[Supplied records Boundary: Start]

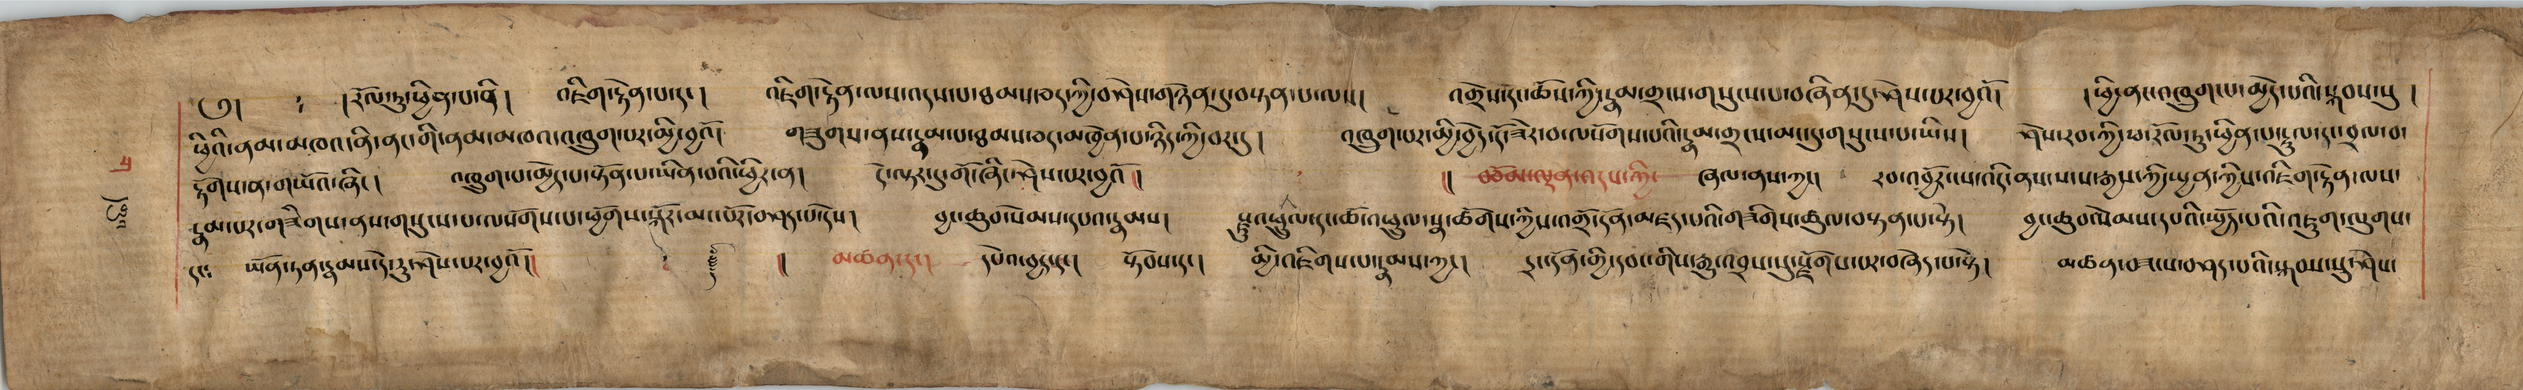༅། : །རོལ་ཏུ་ཕྱིན་པ་ནི ། འཇིག་རྟེན་པ་དང། འཇིག་རྟེན་ལས་འདས་པ་ཐམས་ཅད་ཀྱི་བཤེས་གཉེན་དུ་བསྟན་པ་ལས། །ཕྱི་ནང་འཁྲུག་པ་མྱེད་པའི་སྐབས་སུ །
ཕྱིའི་ནམ་མཁའ་ནི་ནང་གི་ནམ་མཁའ་འཁྲུག་པར་མྱི་བྱའོ། གཟུགས་ནས་རྣམ་པ་ཐམས་ཅད་མཁྱེན་པ་ཉིད་ཀྱི་བར་དུ ། འཁྲུག་པར་མྱི་བྱེད་དོ་ཟེར་བ་ལསོགས་པའི་རྣམ་གྲངས་མང་དུ་གསུངས་པ་ཡིས། ཤེས་རབ་ཀྱི་ཕ་རོལ་ཏུ་ཕྱིན་པ་རྡུལ་དང་བྲལ་བ་
རྟོགས་ན་གཡོའ་ཞིང། འཁྲུག་པ་མྱེད་པ་སྟོན་པ་ཡིན་བའི་ཕྱིར་ན། དེ་ལྟར་དུ་གོ་ཞིང་ཤེས་པར་བྱའོ།། །། བཅོམ་ལྡན་འདས་ཀྱི་ ཞལ་ནས་ཀྱང། རབ་འབྱོར་ངས་འདི་ནས་སངས་རྒྱས་ཀྱི་ཡྱན་ཀྱིས་འཇིག་རྟེན་ལས་
རྣམ་པར་གཟིགས་ནས་གསུངས་པ་ལསོགས་པ་ཕྱོགས་སྐོར་མང་པོར་བཤད་པ་དེས། བྱང་ཆུབ་སེམས་དཔའ་རྣམས། སྫུ་ྼའཕྲུལ་དང་ཆོ་འཕྲུལ་སྣ་ཚོགས་ཀྱིས་འགྲོ་དོན་མཛད་པའི་གཟིགས་ཚུལ་བསྟན་པ་སྟེ། བྱང་ཆུབ་སེམས་དཔའི་སྤྱོད་པའི་འཇུག་ལུགས་
དང: ཡོན་ཏན་རྣམས་དེ་རུ་ཤེས་པར་བྱའོ།། ༈ །། མཚན་དང། དཔེའ་བྱད་དང། སྟོབས་དང། མྱི་འཇིགས་པ་རྣམས་ཀྱང། དྲང་དོན་གྱི་དབང་གིས་རྒྱུ་འབྲས་སུ་སྫོགས་པར་བཞེད་པ་སྟེ། མཚན་བཟངས་བཤད་པའི་སྐབས་སུ་ཤེས་

[Supplied records Boundary: End]

# Task
Repeat each line of the listing word for word, from the first through the line that contains "དེ་ལྟར་དུ་གོ་ཞིང་ཤེས་པར་བྱའོ།། །། བཅོམ་ལྡན་འདས་ཀྱི་". Any picture stays out.

# Response
༅། : །རོལ་ཏུ་ཕྱིན་པ་ནི ། འཇིག་རྟེན་པ་དང། འཇིག་རྟེན་ལས་འདས་པ་ཐམས་ཅད་ཀྱི་བཤེས་གཉེན་དུ་བསྟན་པ་ལས། །ཕྱི་ནང་འཁྲུག་པ་མྱེད་པའི་སྐབས་སུ །
ཕྱིའི་ནམ་མཁའ་ནི་ནང་གི་ནམ་མཁའ་འཁྲུག་པར་མྱི་བྱའོ། གཟུགས་ནས་རྣམ་པ་ཐམས་ཅད་མཁྱེན་པ་ཉིད་ཀྱི་བར་དུ ། འཁྲུག་པར་མྱི་བྱེད་དོ་ཟེར་བ་ལསོགས་པའི་རྣམ་གྲངས་མང་དུ་གསུངས་པ་ཡིས། ཤེས་རབ་ཀྱི་ཕ་རོལ་ཏུ་ཕྱིན་པ་རྡུལ་དང་བྲལ་བ་
རྟོགས་ན་གཡོའ་ཞིང། འཁྲུག་པ་མྱེད་པ་སྟོན་པ་ཡིན་བའི་ཕྱིར་ན། དེ་ལྟར་དུ་གོ་ཞིང་ཤེས་པར་བྱའོ།། །། བཅོམ་ལྡན་འདས་ཀྱི་ ཞལ་ནས་ཀྱང། རབ་འབྱོར་ངས་འདི་ནས་སངས་རྒྱས་ཀྱི་ཡྱན་ཀྱིས་འཇིག་རྟེན་ལས་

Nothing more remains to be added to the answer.